# Free Book Finds (November2013) - Please, NO Self Promotion Please



## Ann in Arlington (Oct 27, 2008)

Post your free* book finds here. *No self-promotion please!*

Click here for the October 2013 thread.

This thread is for members to post your Free book finds, no self-promotion please. Posts about your own books will be removed. Also, please don't post your friend's book as a "find." You didn't just "find it," did you? 

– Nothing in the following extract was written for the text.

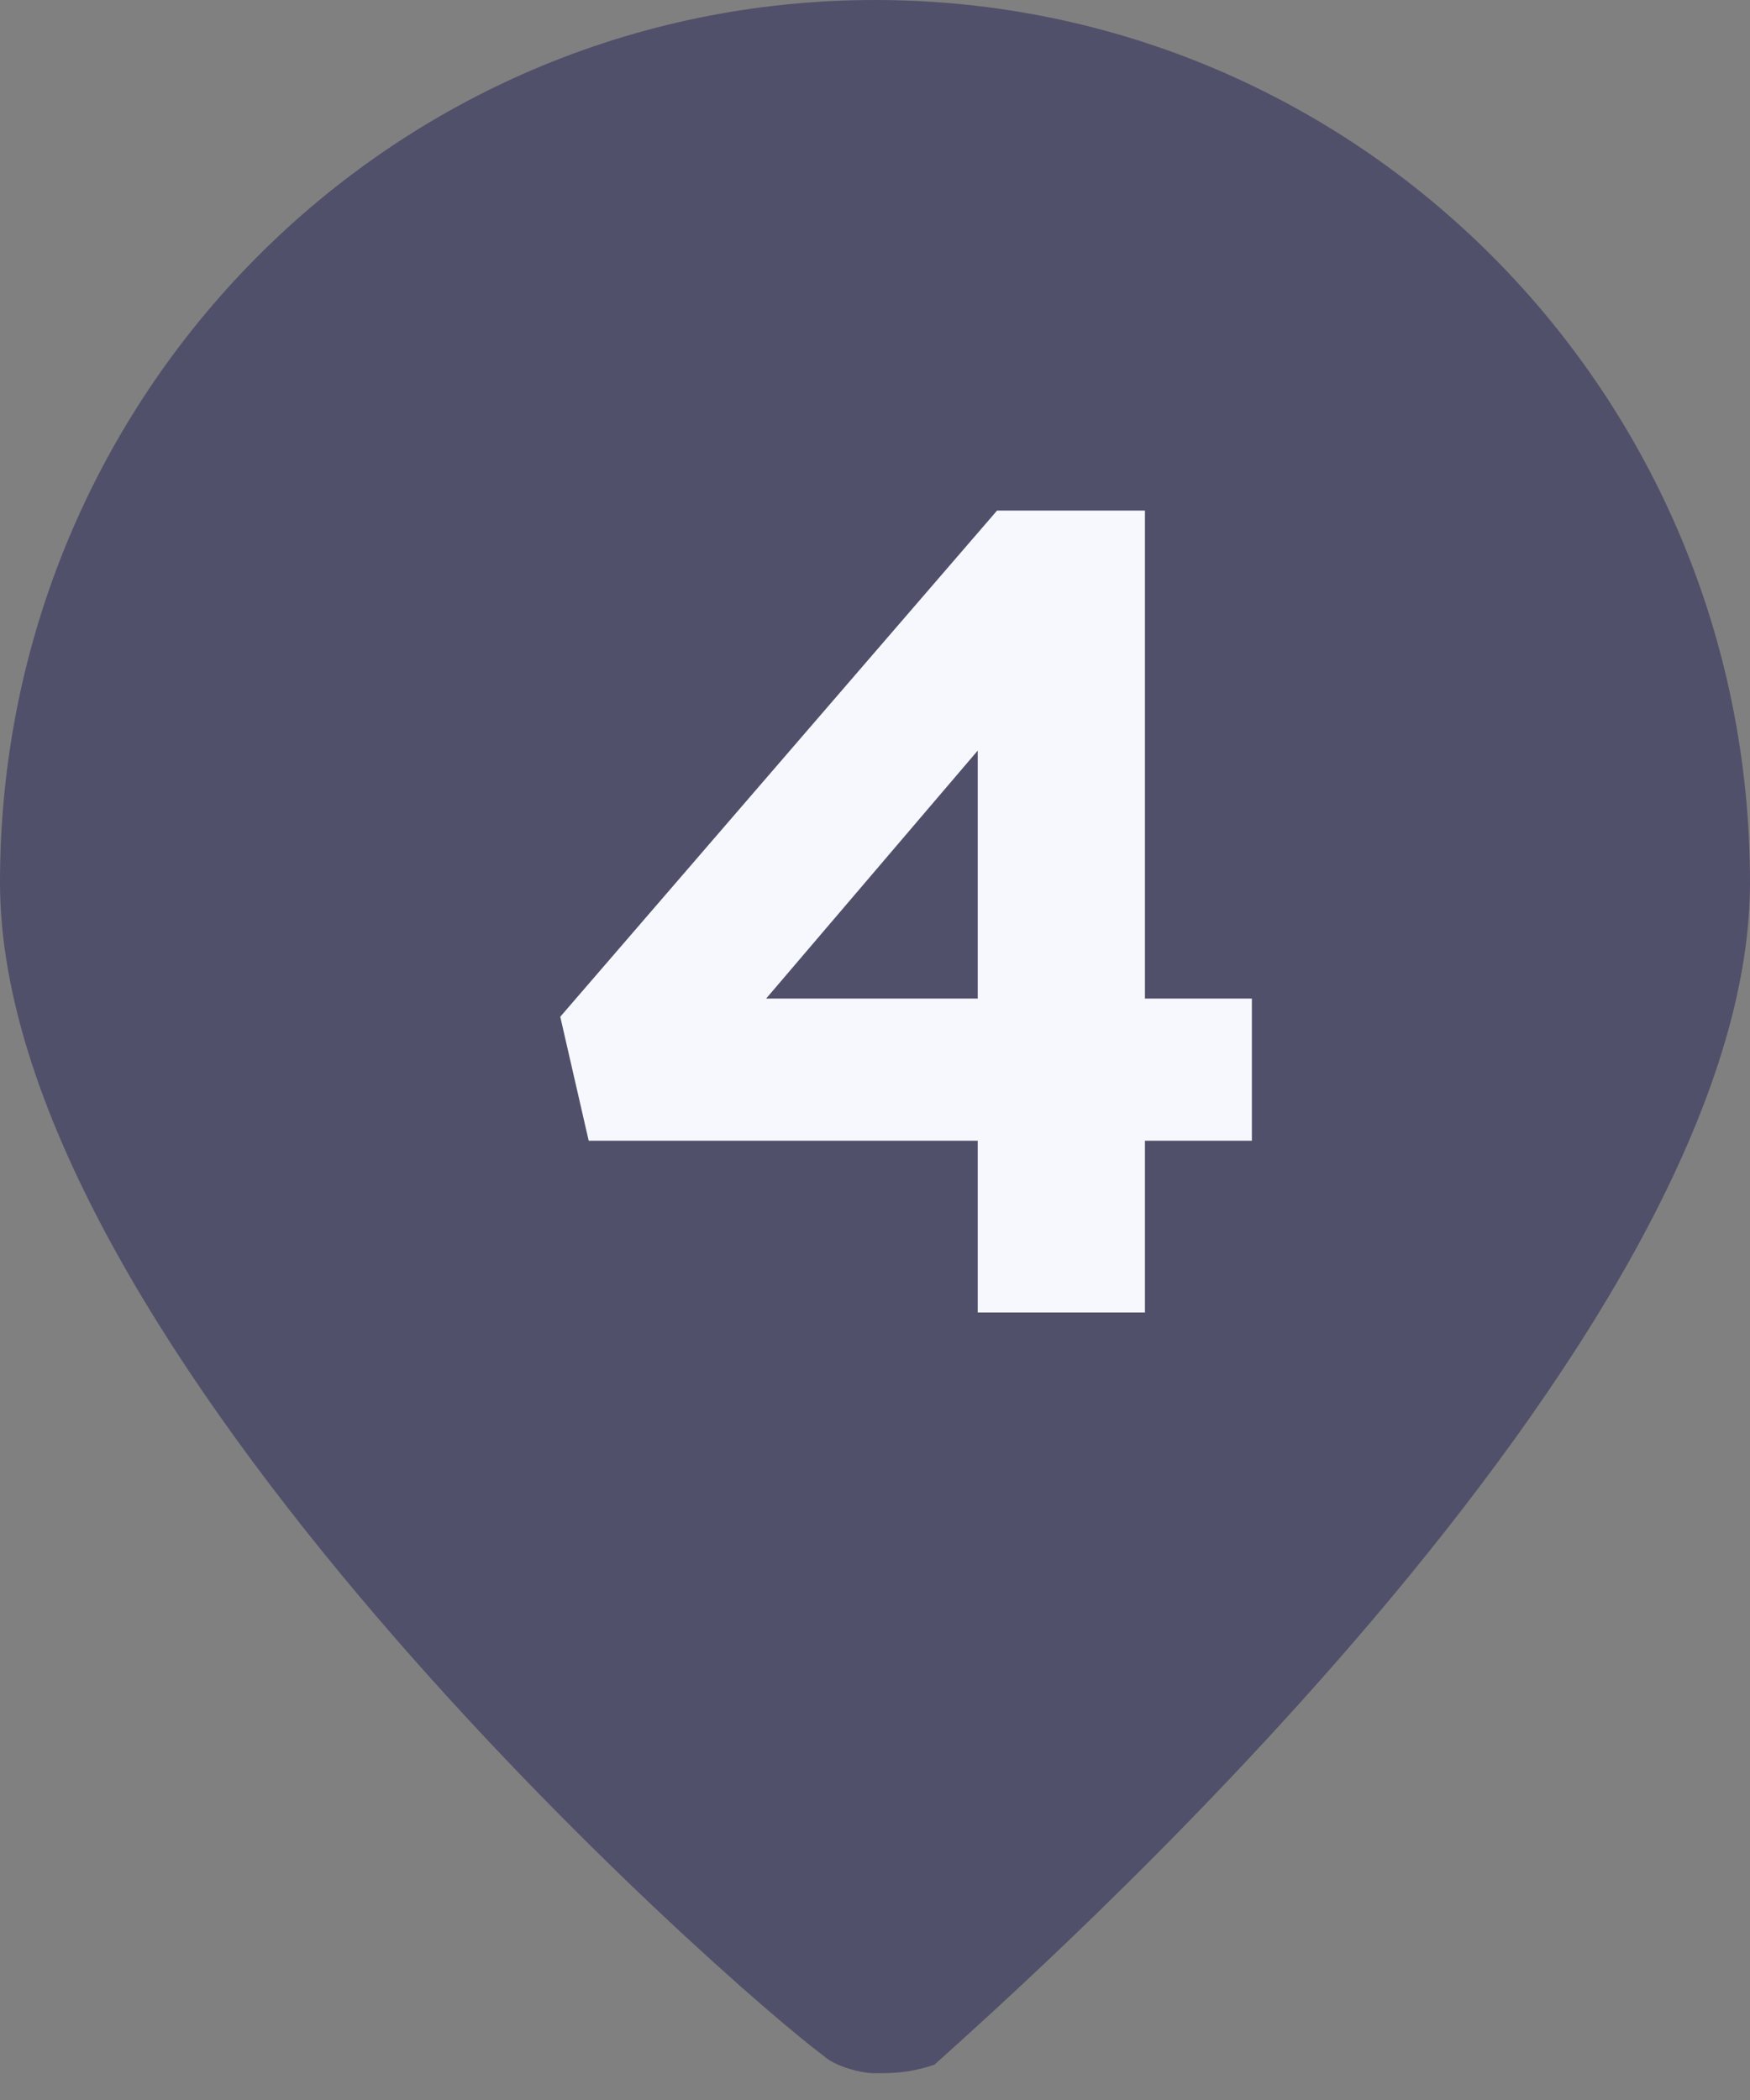 <?xml version="1.0" encoding="UTF-8"?> <svg xmlns="http://www.w3.org/2000/svg" width="20" height="24" viewBox="0 0 20 24" fill="none"><rect x="0" y="0" width="20" height="24" fill="#808080" stroke="none"/> <path opacity="0.5" d="M10 23.694C9.806 23.694 9.515 23.596 9.417 23.498C8.35 22.715 0 15.372 0 10.085C0 4.504 4.466 0 10 0C15.534 0 20 4.504 20 10.085C20 15.372 11.65 22.715 10.68 23.596C10.388 23.694 10.194 23.694 10 23.694Z" fill="#232057"></path> <path d="M11.174 15H13.085V13.037H14.307V11.412H13.085V5.835H11.395L6.403 11.62L6.728 13.037H11.174V15ZM8.756 11.412L11.174 8.578V11.412H8.756Z" fill="#F7F8FE"></path> </svg>

And please do not link through other sites: use KBoards affiliate links (link-maker above) or generic Amazon links. 

If you have a book of your own to promote, you may start a thread all your own in the Book Bazaar to promote your book, to post news and to talk to your fans! Of course, you may also list the book in your Avatar and signature. And you may list your temporarily free books in our Links to Free Books thread. Thanks!

Tip: typing in the title in addition to including the cover helps when doing searches!

We generally try to keep this thread on topic with book posts only, off-topic posts will be "pruned"! This helps members who use the "new post" indicator or who have subscribed to the thread. Thanks for your cooperation!

Ann & Betsy
Book Bazaar Moderators

**buyer beware: though books are free when posted here, prices on Amazon can change without warning so be sure to look before you click!
**international members: these books are free in the US, but may not be free in your country. Again, be sure to look before you click*

Did we mention No Self Promotion?


----------



## Dani Kay (Jan 21, 2011)

Brian Jacques' first Redwall book is free!


----------



## juliababyjen (Oct 7, 2013)

Fire Country by David Estes is FREE on Amazon from Nov. 12-14th! This is an amazing epic YA Dystopian adventure with one of my favorite main characters, ever--Siena.

Download here:
http://www.amazon.com/Fire-Country-Saga-David-Estes-ebook/dp/B00B7VTXFO/ref=sr_1_1?ie=UTF8&qid=1384302661&sr=8-1&keywords=fire+country

Synopsis
In a changed world where the sky bleeds red, winter is hotter than hell and full of sandstorms, and summer's even hotter with raging fires that roam the desert-like country, the Heaters manage to survive, barely.

Due to toxic air, life expectancies are so low the only way the tribe can survive is by forcing women to procreate when they turn sixteen and every three years thereafter. It is their duty as Bearers.

Fifteen-year-old Siena is a Youngling, soon to be a Bearer, when she starts hearing rumors of another tribe of all women, called the Wild Ones. They are known to kidnap Youngling girls before the Call, the ceremony in which Bearers are given a husband with whom to bear children with.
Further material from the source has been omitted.